02:00.0 Network controller: Broadcom Corporation BCM43228 802.11a/b/g/n

http://www.broadcom.com/support/802.11/linux_sta.php
hybrid-portsrc_x86_64-v5_100_82_112.tar.gz

$ uname -a
Linux boxdell 3.8.13-tinycore64 #777 SMP Fri Oct 18 15:13:45 UTC 2013 x86_64 
GNU/Linux

..so it is definitely not 8 years old.

Trying to connect to a Cisco WAP4410N

As tinycorelinux is analogous to a live CD distribution (the file system is 
copied to RAM on boot), nothing is saved between boots, so the networkmanager 
wifi connection is re-created each time when I try to use 
network-manager-applet to connect to a hidden network.
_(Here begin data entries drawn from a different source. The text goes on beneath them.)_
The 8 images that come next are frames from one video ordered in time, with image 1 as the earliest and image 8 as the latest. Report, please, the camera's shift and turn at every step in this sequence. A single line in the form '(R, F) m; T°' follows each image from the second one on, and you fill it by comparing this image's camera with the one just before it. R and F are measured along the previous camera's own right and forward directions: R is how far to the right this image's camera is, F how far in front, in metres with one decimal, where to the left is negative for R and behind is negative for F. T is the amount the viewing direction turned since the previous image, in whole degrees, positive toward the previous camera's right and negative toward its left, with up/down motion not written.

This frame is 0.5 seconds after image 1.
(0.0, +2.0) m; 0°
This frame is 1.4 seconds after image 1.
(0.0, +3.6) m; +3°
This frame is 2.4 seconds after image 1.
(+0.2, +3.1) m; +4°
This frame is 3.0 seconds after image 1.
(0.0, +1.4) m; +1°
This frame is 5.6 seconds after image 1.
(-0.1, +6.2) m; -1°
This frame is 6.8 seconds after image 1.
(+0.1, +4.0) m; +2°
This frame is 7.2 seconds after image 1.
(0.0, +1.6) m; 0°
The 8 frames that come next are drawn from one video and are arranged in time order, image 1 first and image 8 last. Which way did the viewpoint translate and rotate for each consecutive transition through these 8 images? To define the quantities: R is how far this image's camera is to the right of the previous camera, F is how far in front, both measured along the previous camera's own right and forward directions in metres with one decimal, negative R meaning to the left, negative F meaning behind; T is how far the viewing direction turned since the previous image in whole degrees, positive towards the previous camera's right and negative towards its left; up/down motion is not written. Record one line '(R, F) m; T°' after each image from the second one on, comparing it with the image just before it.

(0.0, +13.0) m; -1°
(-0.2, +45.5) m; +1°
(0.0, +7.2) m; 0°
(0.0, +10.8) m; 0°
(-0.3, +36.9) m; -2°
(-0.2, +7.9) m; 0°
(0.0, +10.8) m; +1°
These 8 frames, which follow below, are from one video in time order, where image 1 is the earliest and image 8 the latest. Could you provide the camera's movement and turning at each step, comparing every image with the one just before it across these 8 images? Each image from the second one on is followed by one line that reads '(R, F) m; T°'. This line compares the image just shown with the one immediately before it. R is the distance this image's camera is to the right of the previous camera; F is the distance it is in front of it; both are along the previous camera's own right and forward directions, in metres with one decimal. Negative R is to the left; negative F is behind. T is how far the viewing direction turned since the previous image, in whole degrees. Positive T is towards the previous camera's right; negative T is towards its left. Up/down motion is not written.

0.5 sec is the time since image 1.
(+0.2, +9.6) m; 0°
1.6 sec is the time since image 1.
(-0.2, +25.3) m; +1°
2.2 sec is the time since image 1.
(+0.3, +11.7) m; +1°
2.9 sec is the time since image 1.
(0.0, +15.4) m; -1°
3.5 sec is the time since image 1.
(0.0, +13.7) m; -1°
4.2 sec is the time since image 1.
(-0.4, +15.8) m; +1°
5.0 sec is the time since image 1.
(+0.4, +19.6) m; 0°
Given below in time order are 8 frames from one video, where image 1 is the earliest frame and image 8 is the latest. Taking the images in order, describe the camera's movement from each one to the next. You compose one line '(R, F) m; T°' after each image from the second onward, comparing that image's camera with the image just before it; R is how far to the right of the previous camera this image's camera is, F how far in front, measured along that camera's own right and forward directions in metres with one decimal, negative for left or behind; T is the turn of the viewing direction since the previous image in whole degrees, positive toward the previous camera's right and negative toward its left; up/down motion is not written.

$ nmcli con list id bobnet | grep hidden
802-11-wireless.hidden:                 no

..but I cannot find a way to change this to "yes" - "nm-connection-editor" does 
not show the "hidden" parameter and if I edit system-connections/bobnet to read 
as follows:

[802-11-wireless]
ssid=bobnet
mac-address=64:27:37:22:AB:51
security=802-11-wireless-security
hidden=yes

.."hidden=yes" seems to be ignored, so how do I change it?